4. MBDA. This site seeks to digitize and catalog the correspondence of Martha Berry, founder of the Berry Schools. Users can edit/catalog the documents through entering information about the document, tagging, and summarizing the contents of the document. Users can also earn ranks and badges the more that they edit. https://mbda.berry.edu/

The two websites I looked at most extensively were MBDA and the Brooklyn Museum. The MBDA website was fairly user-friendly and users had a options of how much responsibility they took on depending on how much work they wanted to do with each letter. The Brooklyn Museum site only afforded users two options: tagging or challenging tags. MBDA’s reward system seemed more complex but less immediately gratifying than the Brooklyn Museum’s more up front encouragement of beating other people’s rankings. At the Brooklyn Museum project it seemed like the user accomplished relatively little as most of the tags were so general as to render them relatively useless for researching purposes, while MBDA cataloging might allow more detailed searches. MBDA was ultimately less finished than the Brooklyn Museum project as it has fewer people involved and requires more commitment from its volunteers.

iHistory

Digital history and crowdsourcing appears to be the way of the future when it comes to the transcription of historical documents. Due to the development of this phenomenon, the public has been able to take a more active role in uncovering their personal histories or histories of places and times they have interest in. What was before a topic that one could only experience through TV screens or pages of a book has become something anyone can include themselves in. One can imagine that there are a multitude of benefits to this type of archival process: more documents can be transcribed and organized more quickly, more resources become available to scholars, and much more. However, downsides exist to this practice as well; just as a person has the power to create, they also have the power to destroy. Because it would be nearly impossible to an expert to review all crowdsourced documents, there is always a possibility that a person could have transcribed it incorrectly. These incorrect transcriptions have their own negative results, as a historian could then cite the incorrect transcription and ruin whatever work they were doing.

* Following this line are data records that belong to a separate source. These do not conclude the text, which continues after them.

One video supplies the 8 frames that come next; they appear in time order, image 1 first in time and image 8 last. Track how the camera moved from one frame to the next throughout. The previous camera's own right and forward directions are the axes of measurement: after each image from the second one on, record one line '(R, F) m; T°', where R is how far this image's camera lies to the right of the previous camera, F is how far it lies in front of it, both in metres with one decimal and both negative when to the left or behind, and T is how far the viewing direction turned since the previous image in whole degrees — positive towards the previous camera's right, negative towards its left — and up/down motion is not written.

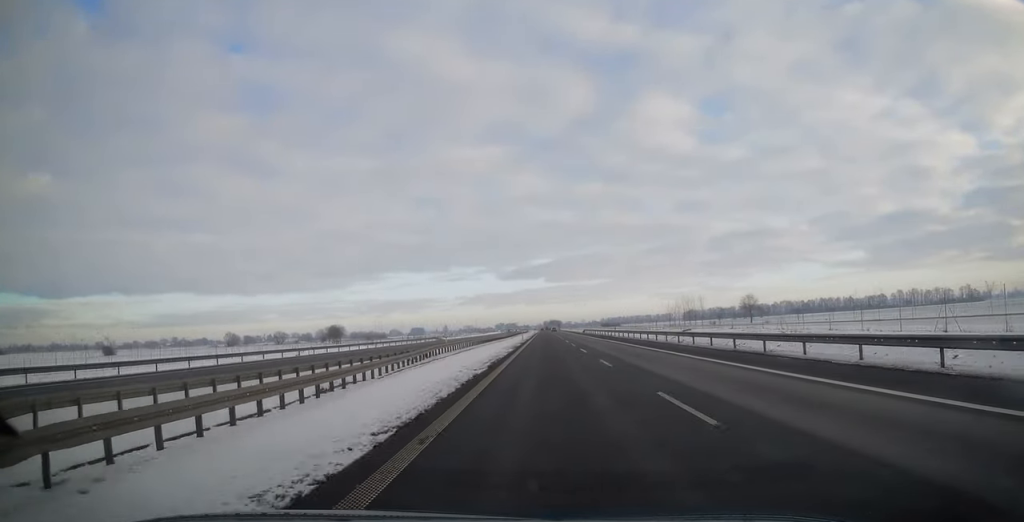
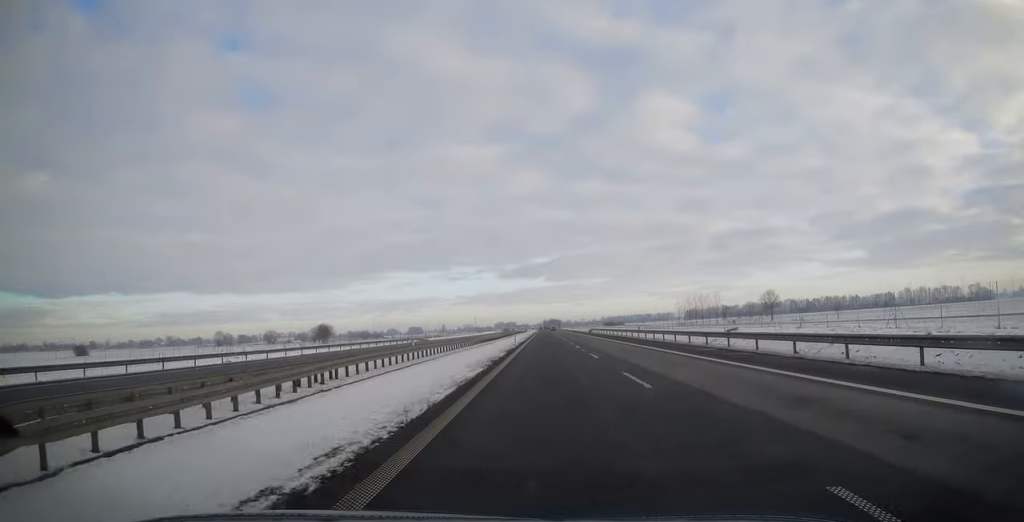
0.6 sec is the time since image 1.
(+0.2, +19.1) m; 0°
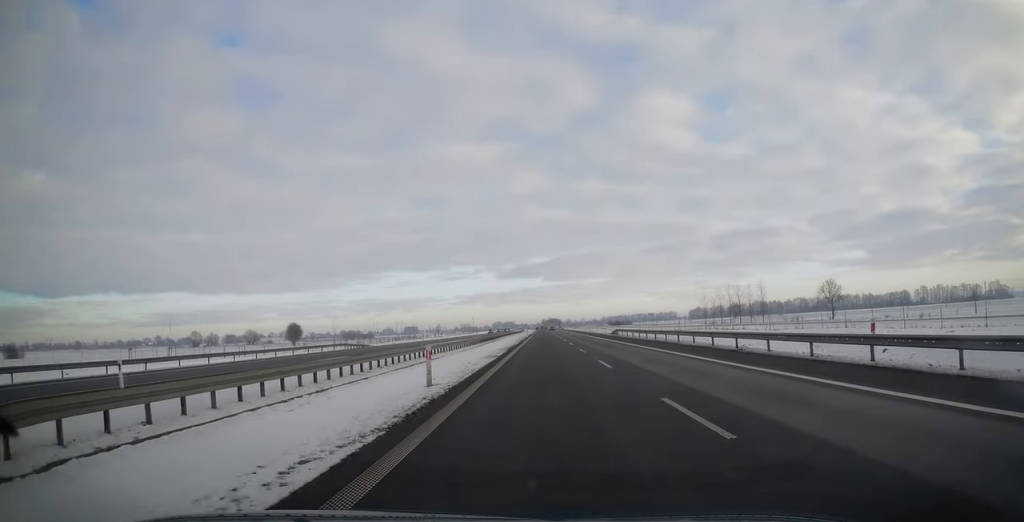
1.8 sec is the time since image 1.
(0.0, +41.6) m; 0°
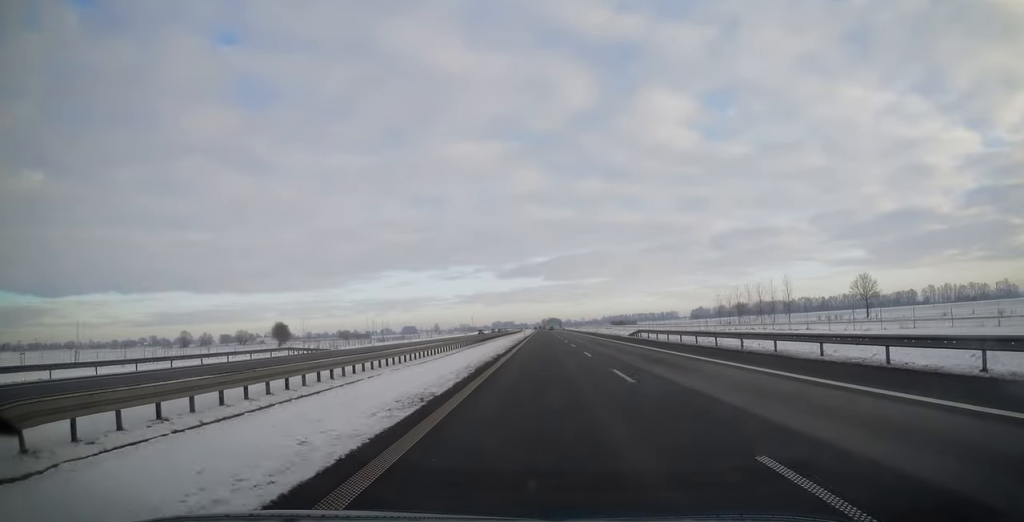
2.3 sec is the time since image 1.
(-0.2, +16.9) m; 0°
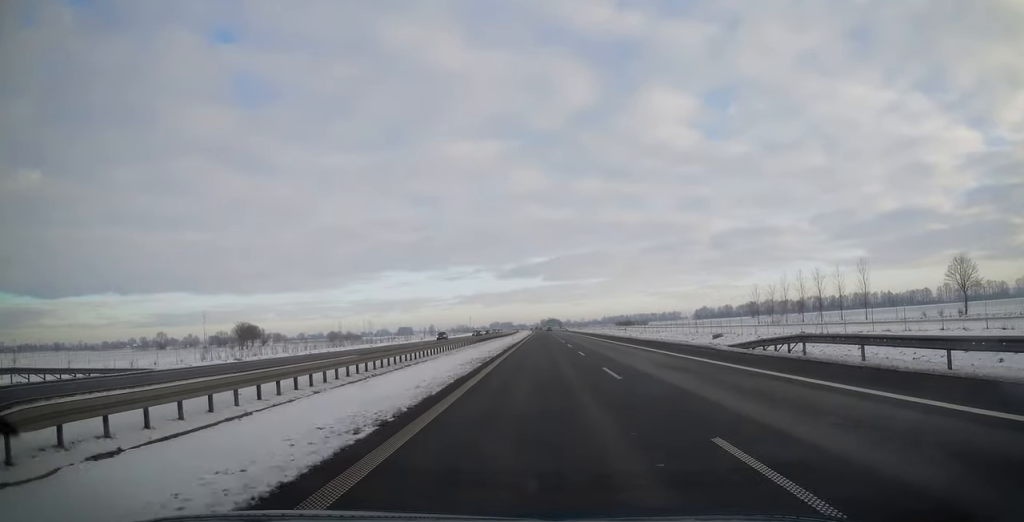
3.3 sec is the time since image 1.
(+0.1, +34.8) m; 0°
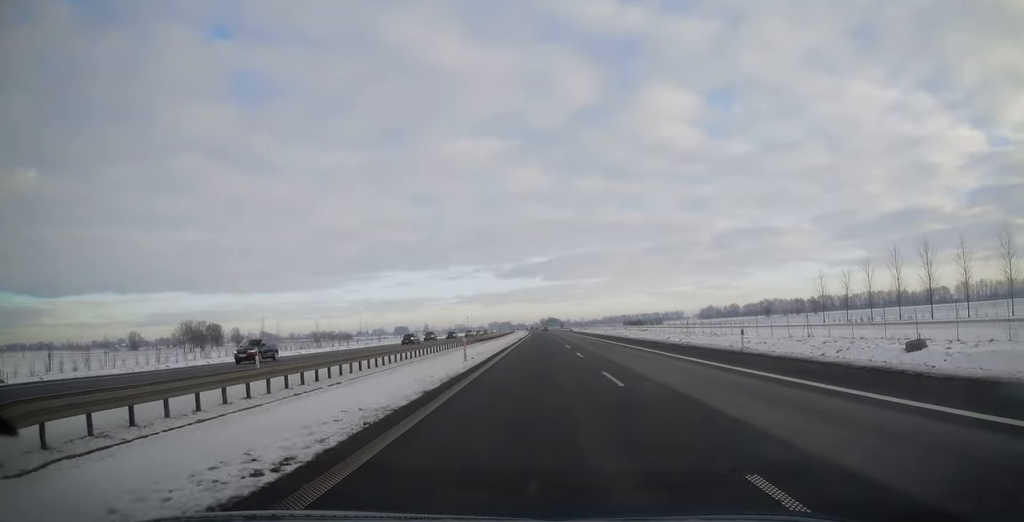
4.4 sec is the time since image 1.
(+0.2, +37.6) m; 0°
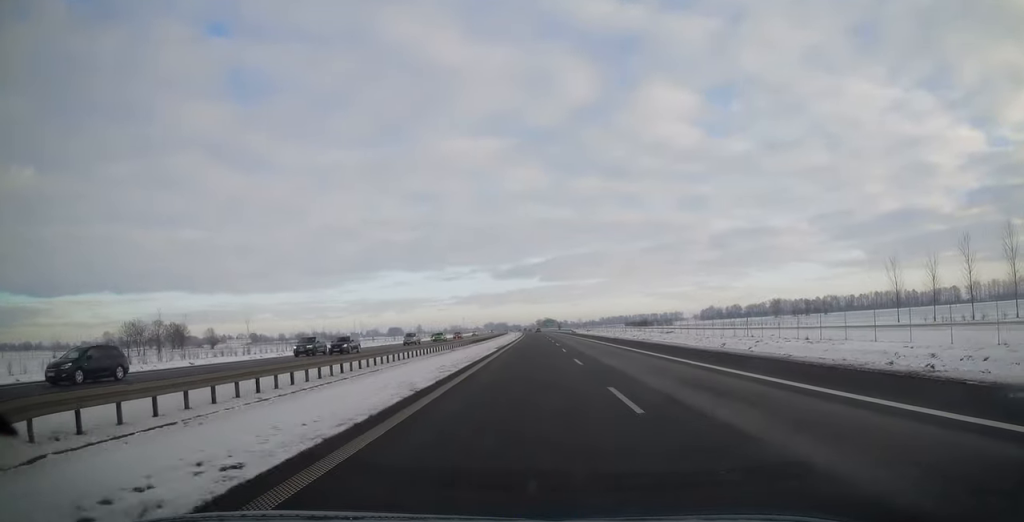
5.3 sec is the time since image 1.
(-0.2, +27.9) m; 0°
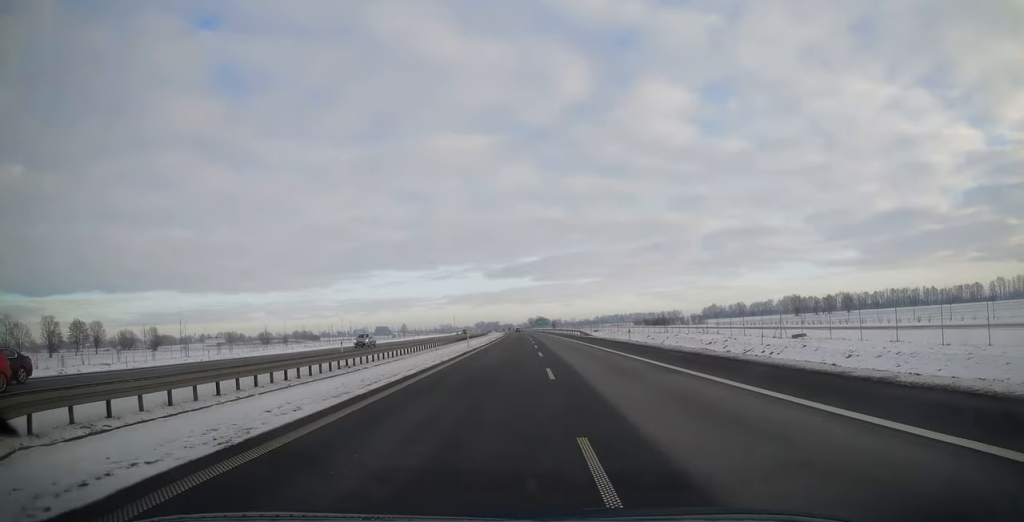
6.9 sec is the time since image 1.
(+0.3, +53.5) m; +1°

For the purposes of this project and to become more familiar with the topic and process of crowdsourcing, I have researched a few crowdsourcing websites and done by part to contribute to a couple of them. The first of these was the Martha Berry Digital Archives, which is the crowdsourcing website run by Berry College. This site deals solely with documents associated with Martha Berry herself and other documents associated with Berry College.

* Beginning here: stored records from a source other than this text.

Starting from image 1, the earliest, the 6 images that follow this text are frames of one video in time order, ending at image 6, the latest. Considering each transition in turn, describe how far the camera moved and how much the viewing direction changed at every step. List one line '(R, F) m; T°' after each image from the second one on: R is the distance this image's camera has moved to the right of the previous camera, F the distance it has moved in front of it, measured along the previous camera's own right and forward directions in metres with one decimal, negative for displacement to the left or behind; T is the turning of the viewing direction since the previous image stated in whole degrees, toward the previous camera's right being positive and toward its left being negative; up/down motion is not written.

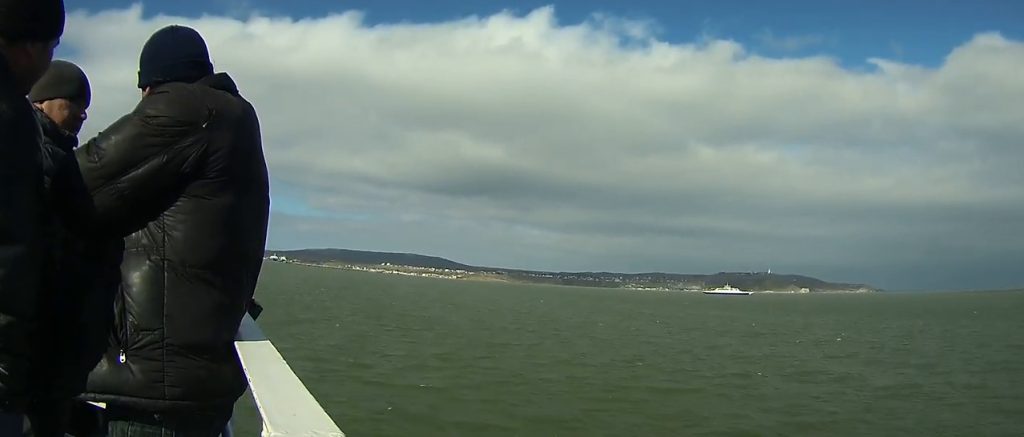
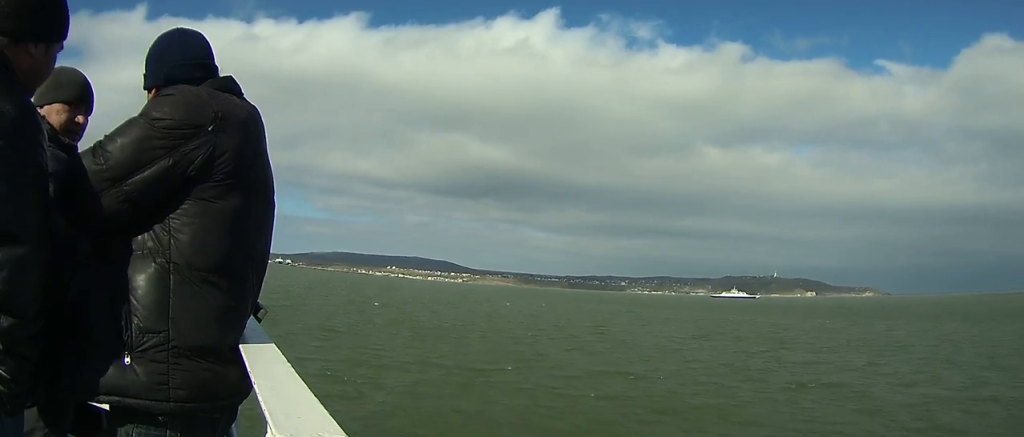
(0.0, +4.3) m; -1°
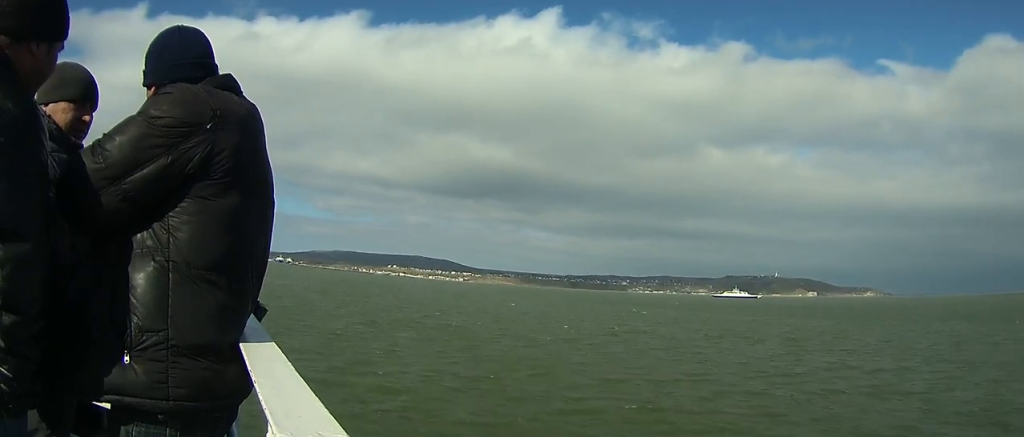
(-0.1, +3.2) m; -1°
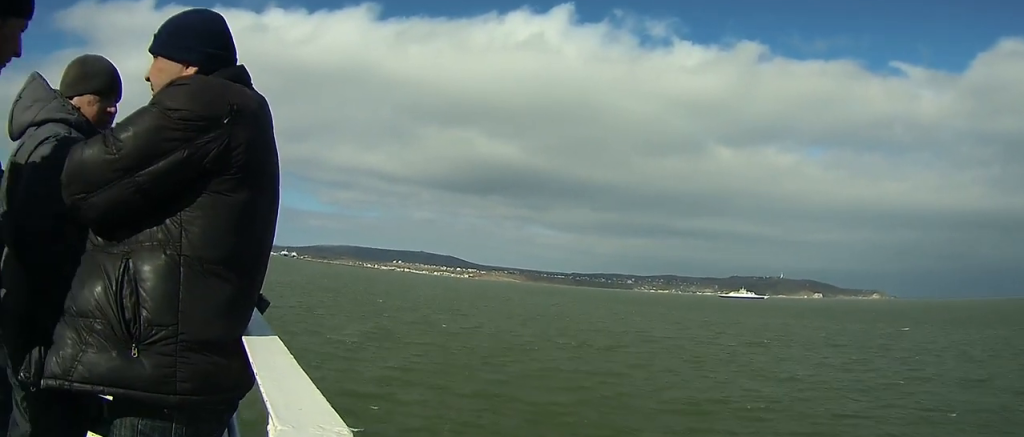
(0.0, +8.7) m; 0°
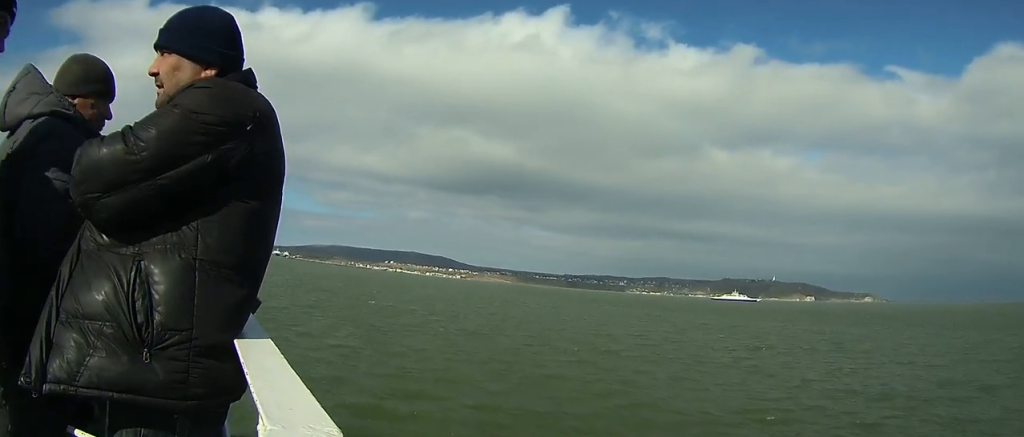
(0.0, +2.1) m; 0°
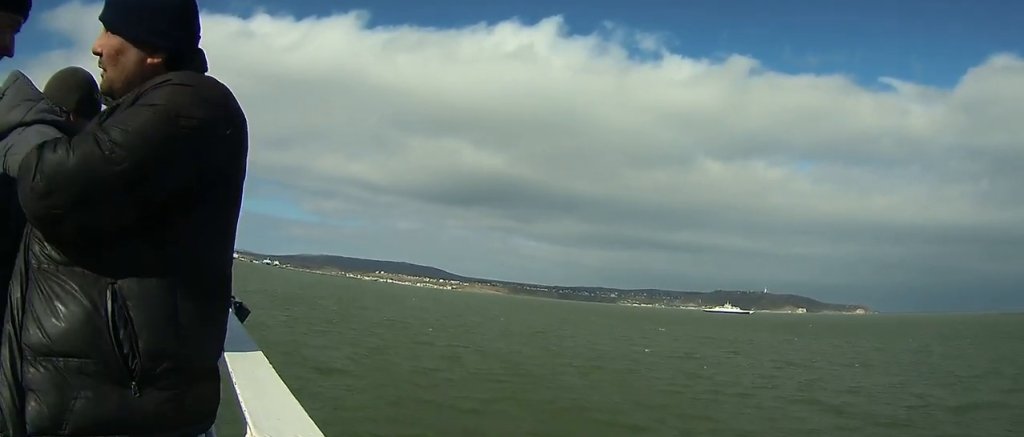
(-0.1, +4.8) m; -2°

The next site was a crowdsourcing site run by the University of Iowa called DIYHistory. This site has a far broader range of documents, from Iowa specific documents, pioneer diaries, and also cookbook entries. This site gives the public to completely transcribe the works in their entirety, including whole books.

The NYPL also has their own crowdsourcing archive, which differs slightly from the previous to archives I become involved with. Theirs was What’s On the Menu? and dealt exclusively with transcribing historical restaurant menus. It also gives more detailed information on the various dishes that are listed on these menus, showing when they were the most common on a timeline.

The National Archives also have a crowdsourcing project where the public can help aid in transcribing the content of documents, much like Iowa’s DIYHistory project. It is quite interesting due to the varieties of documents that it makes available, which range from typical historical documents to acts of theatrical workings.

The two projects that I contributed to were the MBDA as well as DIYHistory. Both were very easy to become involved in, as the account creation process was simple and straightforward. DIYHistory didn’t actually require an account for certain elements of the site, but it was encouraged in order to become fully involved in the transcription process. Both are quite valuable in terms of the documents that they have made available, but DIYHistory could be a bit more useful because it has documents from more varied topics and document types. DIYHistory also gave participants more choice in the documents they transcribed, and they make it easy to see what documents need more attention and how much work has been put into them.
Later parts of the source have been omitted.